--- Problem statement ---
Although pictures appear in the data, the answer should contain only the lines from its start through the line with "#2166 = AXIS2_PLACEMENT_3D", written out exactly.

- - -

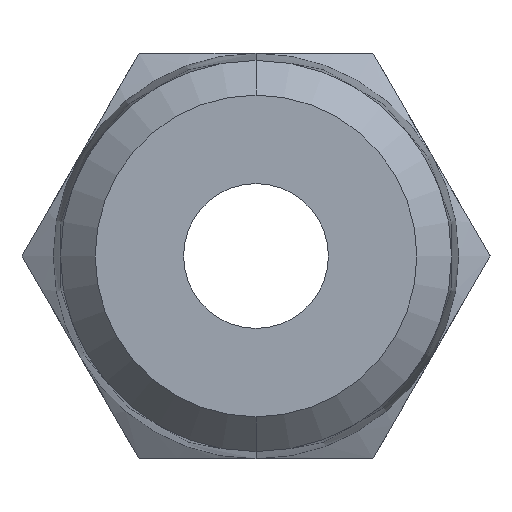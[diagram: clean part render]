
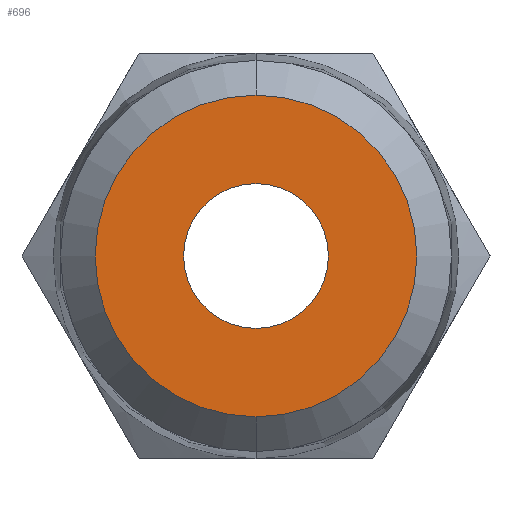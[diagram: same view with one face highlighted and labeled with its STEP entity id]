
A CAD part, front view. The second image highlights one B-rep face of the part: STEP entity #696.
In plain terms, the highlighted planar face has unit normal (0, -1, 0).
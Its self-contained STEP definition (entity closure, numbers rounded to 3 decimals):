
#356 = VERTEX_POINT ( 'NONE', #2067 ) ;
#371 = VERTEX_POINT ( 'NONE', #2160 ) ;
#379 = EDGE_CURVE ( 'NONE', #356, #428, #2167, .T. ) ;
#391 = VERTEX_POINT ( 'NONE', #2173 ) ;
#428 = VERTEX_POINT ( 'NONE', #2229 ) ;
#449 = EDGE_CURVE ( 'NONE', #391, #371, #2306, .T. ) ;
#696 = ADVANCED_FACE ( 'NONE', ( #2781, #2780 ), #2777, .T. ) ;
#699 = EDGE_CURVE ( 'NONE', #428, #356, #2763, .T. ) ;
#706 = ORIENTED_EDGE ( 'NONE', *, *, #379, .F. ) ;
#708 = EDGE_LOOP ( 'NONE', ( #710, #709 ) ) ;
#709 = ORIENTED_EDGE ( 'NONE', *, *, #449, .T. ) ;
#710 = ORIENTED_EDGE ( 'NONE', *, *, #734, .T. ) ;
#722 = ORIENTED_EDGE ( 'NONE', *, *, #699, .F. ) ;
#734 = EDGE_CURVE ( 'NONE', #371, #391, #2843, .T. ) ;
#742 = EDGE_LOOP ( 'NONE', ( #722, #706 ) ) ;
#2067 = CARTESIAN_POINT ( 'NONE',  ( 0., 0., 2.5 ) ) ;
#2156 = CARTESIAN_POINT ( 'NONE',  ( 0., 0., 0. ) ) ;
#2160 = CARTESIAN_POINT ( 'NONE',  ( 0., 0., 5.557 ) ) ;
#2166 = AXIS2_PLACEMENT_3D ( 'NONE', #2156, #2187, #2192 ) ;
#2167 = CIRCLE ( 'NONE', #2166, 2.5 ) ;
#2173 = CARTESIAN_POINT ( 'NONE',  ( 0., 0., -5.557 ) ) ;
#2187 = DIRECTION ( 'NONE',  ( 0., -1., 0. ) ) ;
#2192 = DIRECTION ( 'NONE',  ( 0., 0., -1. ) ) ;
#2229 = CARTESIAN_POINT ( 'NONE',  ( 0., 0., -2.5 ) ) ;
#2290 = CARTESIAN_POINT ( 'NONE',  ( 0., 0., 0. ) ) ;
#2296 = DIRECTION ( 'NONE',  ( 0., -1., 0. ) ) ;
#2297 = AXIS2_PLACEMENT_3D ( 'NONE', #2290, #2296, #2303 ) ;
#2303 = DIRECTION ( 'NONE',  ( 0., 0., -1. ) ) ;
#2306 = CIRCLE ( 'NONE', #2297, 5.557 ) ;
#2735 = DIRECTION ( 'NONE',  ( 0., 0., -1. ) ) ;
#2736 = DIRECTION ( 'NONE',  ( 0., -1., 0. ) ) ;
#2759 = DIRECTION ( 'NONE',  ( 0., 0., -1. ) ) ;
#2760 = DIRECTION ( 'NONE',  ( 0., -1., 0. ) ) ;
#2761 = CARTESIAN_POINT ( 'NONE',  ( 0., 0., 0. ) ) ;
#2762 = AXIS2_PLACEMENT_3D ( 'NONE', #2761, #2760, #2759 ) ;
#2763 = CIRCLE ( 'NONE', #2762, 2.5 ) ;
#2777 = PLANE ( 'NONE',  #2779 ) ;
#2778 = CARTESIAN_POINT ( 'NONE',  ( 0., 0., 0. ) ) ;
#2779 = AXIS2_PLACEMENT_3D ( 'NONE', #2778, #2736, #2735 ) ;
#2780 = FACE_BOUND ( 'NONE', #742, .T. ) ;
#2781 = FACE_OUTER_BOUND ( 'NONE', #708, .T. ) ;
#2785 = DIRECTION ( 'NONE',  ( 0., 0., -1. ) ) ;
#2786 = DIRECTION ( 'NONE',  ( 0., -1., 0. ) ) ;
#2841 = CARTESIAN_POINT ( 'NONE',  ( 0., 0., 0. ) ) ;
#2842 = AXIS2_PLACEMENT_3D ( 'NONE', #2841, #2786, #2785 ) ;
#2843 = CIRCLE ( 'NONE', #2842, 5.557 ) ;

- - -

--- Response ---
[diagram: clean part render]
[diagram: same view with one face highlighted and labeled with its STEP entity id]
A CAD part, front view. The second image highlights one B-rep face of the part: STEP entity #696.
In plain terms, the highlighted planar face has unit normal (0, -1, 0).
Its self-contained STEP definition (entity closure, numbers rounded to 3 decimals):
#356 = VERTEX_POINT ( 'NONE', #2067 ) ;
#371 = VERTEX_POINT ( 'NONE', #2160 ) ;
#379 = EDGE_CURVE ( 'NONE', #356, #428, #2167, .T. ) ;
#391 = VERTEX_POINT ( 'NONE', #2173 ) ;
#428 = VERTEX_POINT ( 'NONE', #2229 ) ;
#449 = EDGE_CURVE ( 'NONE', #391, #371, #2306, .T. ) ;
#696 = ADVANCED_FACE ( 'NONE', ( #2781, #2780 ), #2777, .T. ) ;
#699 = EDGE_CURVE ( 'NONE', #428, #356, #2763, .T. ) ;
#706 = ORIENTED_EDGE ( 'NONE', *, *, #379, .F. ) ;
#708 = EDGE_LOOP ( 'NONE', ( #710, #709 ) ) ;
#709 = ORIENTED_EDGE ( 'NONE', *, *, #449, .T. ) ;
#710 = ORIENTED_EDGE ( 'NONE', *, *, #734, .T. ) ;
#722 = ORIENTED_EDGE ( 'NONE', *, *, #699, .F. ) ;
#734 = EDGE_CURVE ( 'NONE', #371, #391, #2843, .T. ) ;
#742 = EDGE_LOOP ( 'NONE', ( #722, #706 ) ) ;
#2067 = CARTESIAN_POINT ( 'NONE',  ( 0., 0., 2.5 ) ) ;
#2156 = CARTESIAN_POINT ( 'NONE',  ( 0., 0., 0. ) ) ;
#2160 = CARTESIAN_POINT ( 'NONE',  ( 0., 0., 5.557 ) ) ;
#2166 = AXIS2_PLACEMENT_3D ( 'NONE', #2156, #2187, #2192 ) ;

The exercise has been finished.